▸ **Data**:
________________

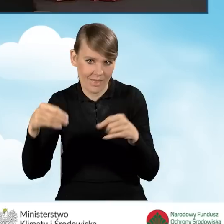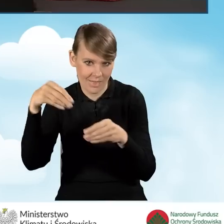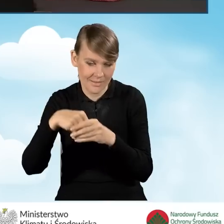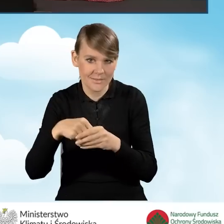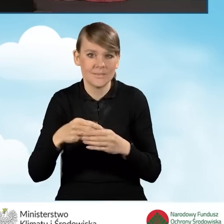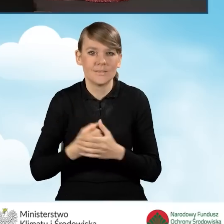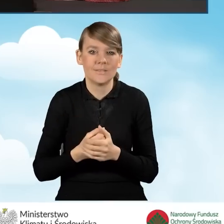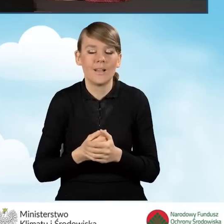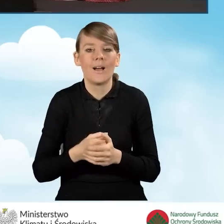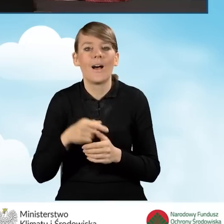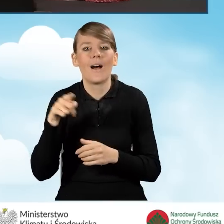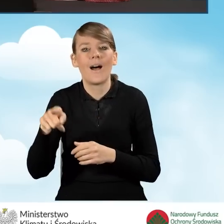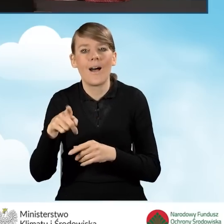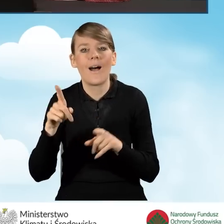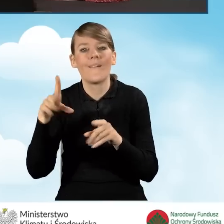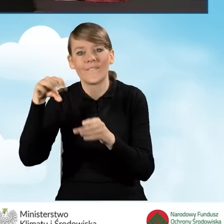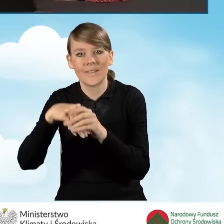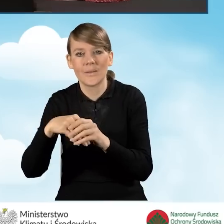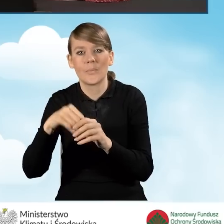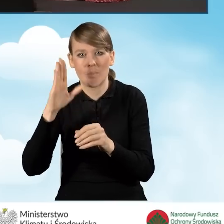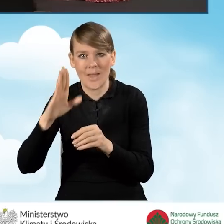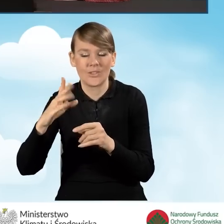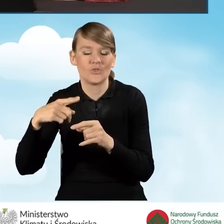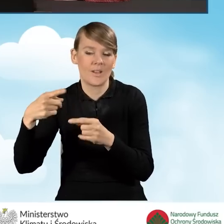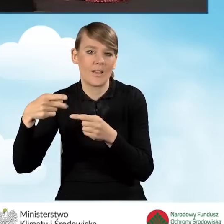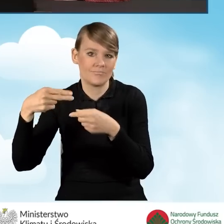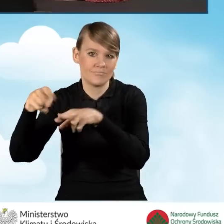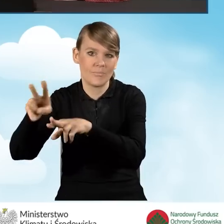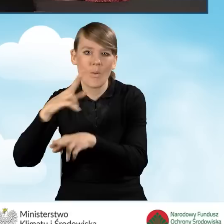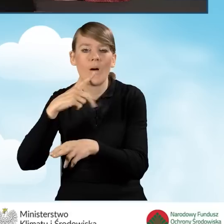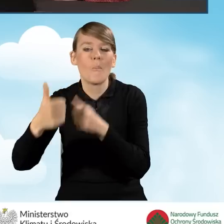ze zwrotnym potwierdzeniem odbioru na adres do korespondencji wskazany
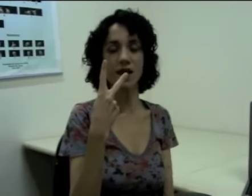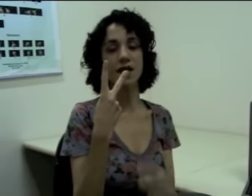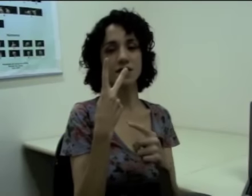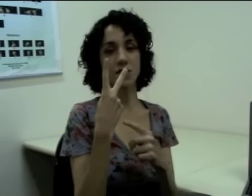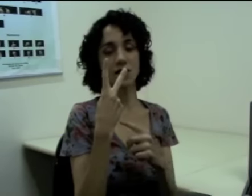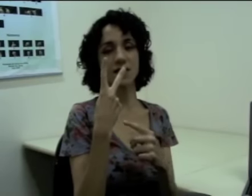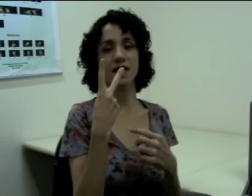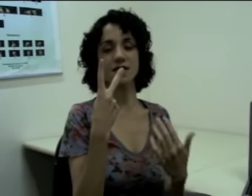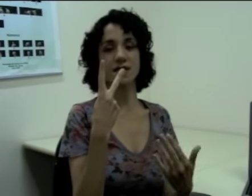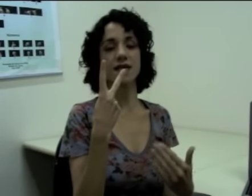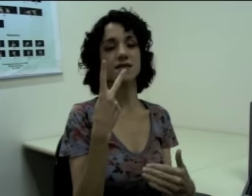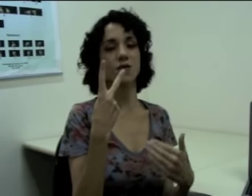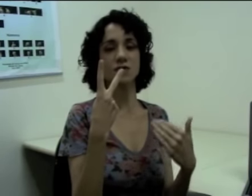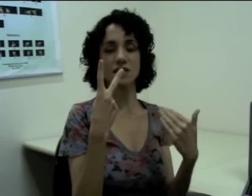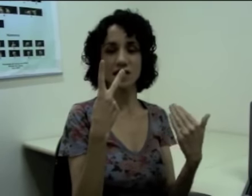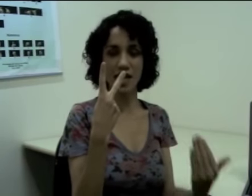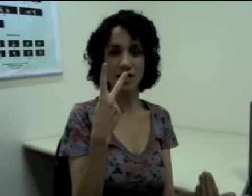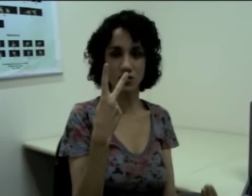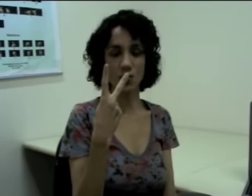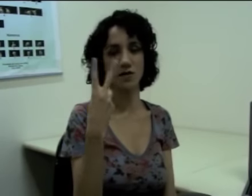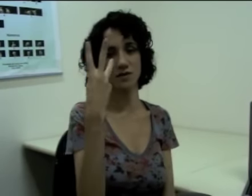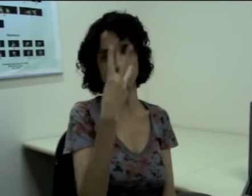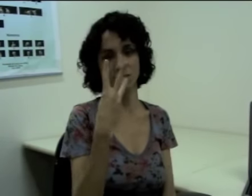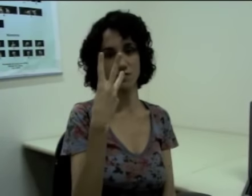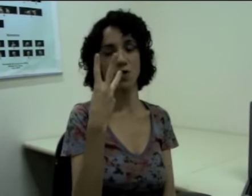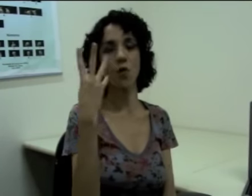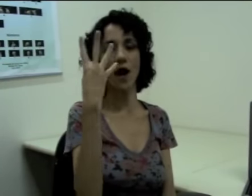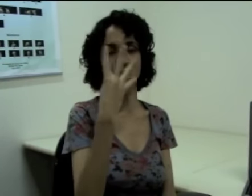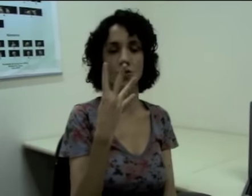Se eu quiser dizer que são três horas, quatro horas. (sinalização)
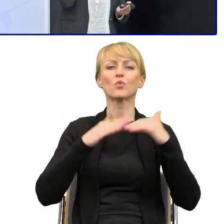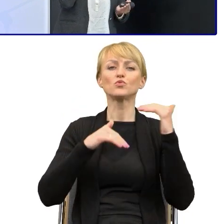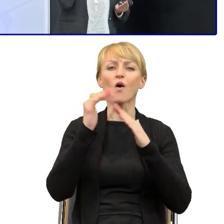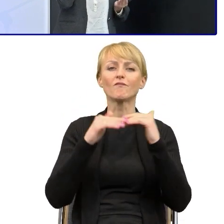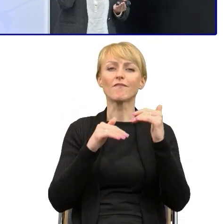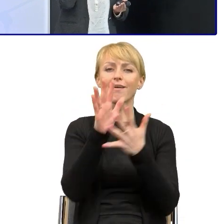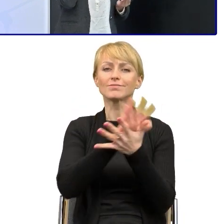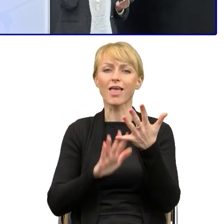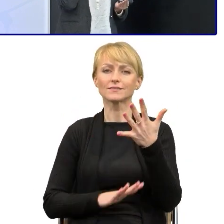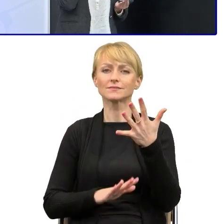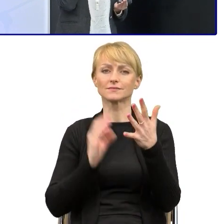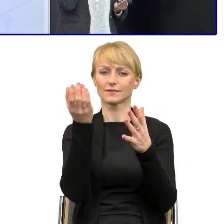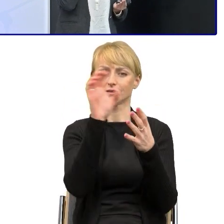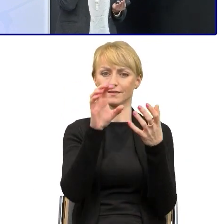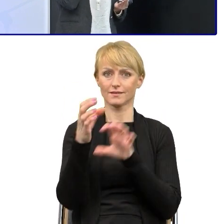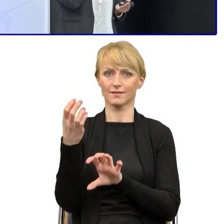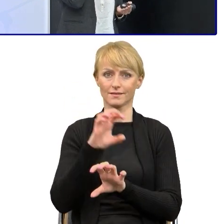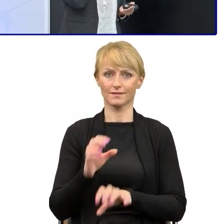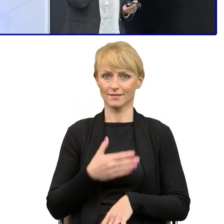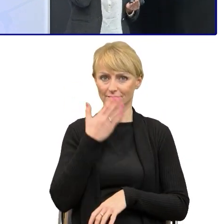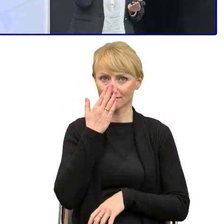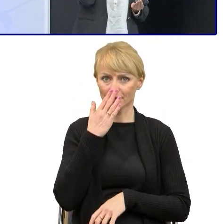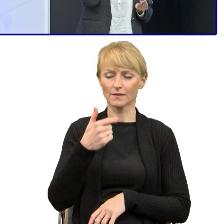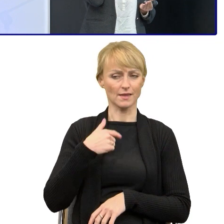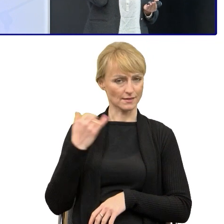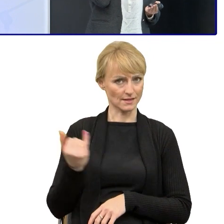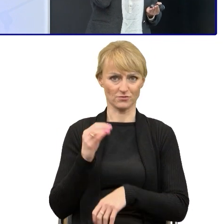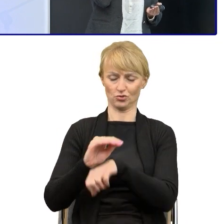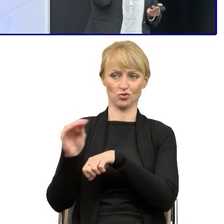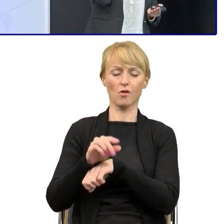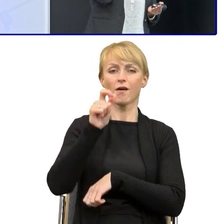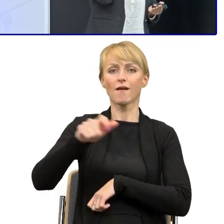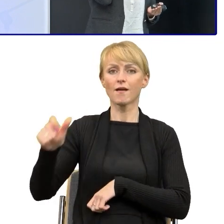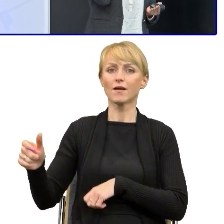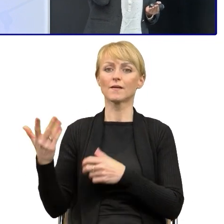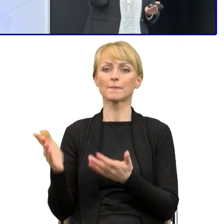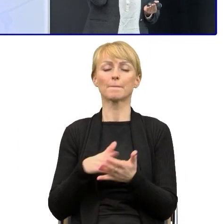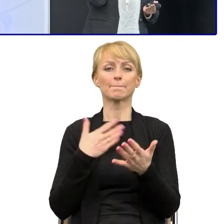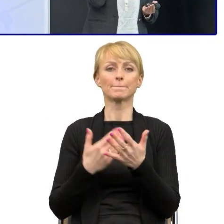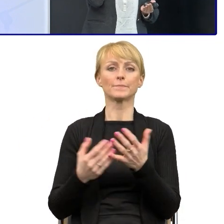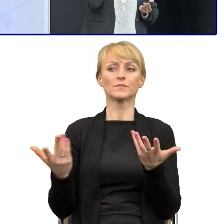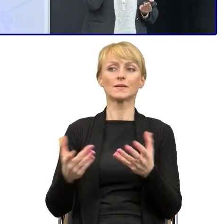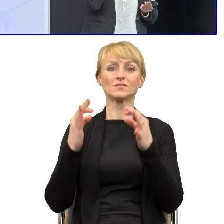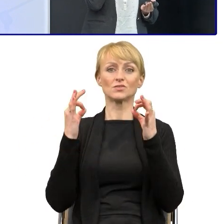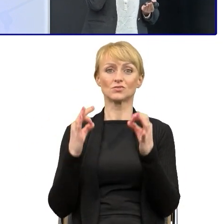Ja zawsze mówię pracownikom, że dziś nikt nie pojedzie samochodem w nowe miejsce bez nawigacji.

________________

▸ **Action item**: In copying the material, drop all pictures and keep everything else identical.

▸ **Problem solution**:
ze zwrotnym potwierdzeniem odbioru na adres do korespondencji wskazany
Se eu quiser dizer que são três horas, quatro horas. (sinalização)
Ja zawsze mówię pracownikom, że dziś nikt nie pojedzie samochodem w nowe miejsce bez nawigacji.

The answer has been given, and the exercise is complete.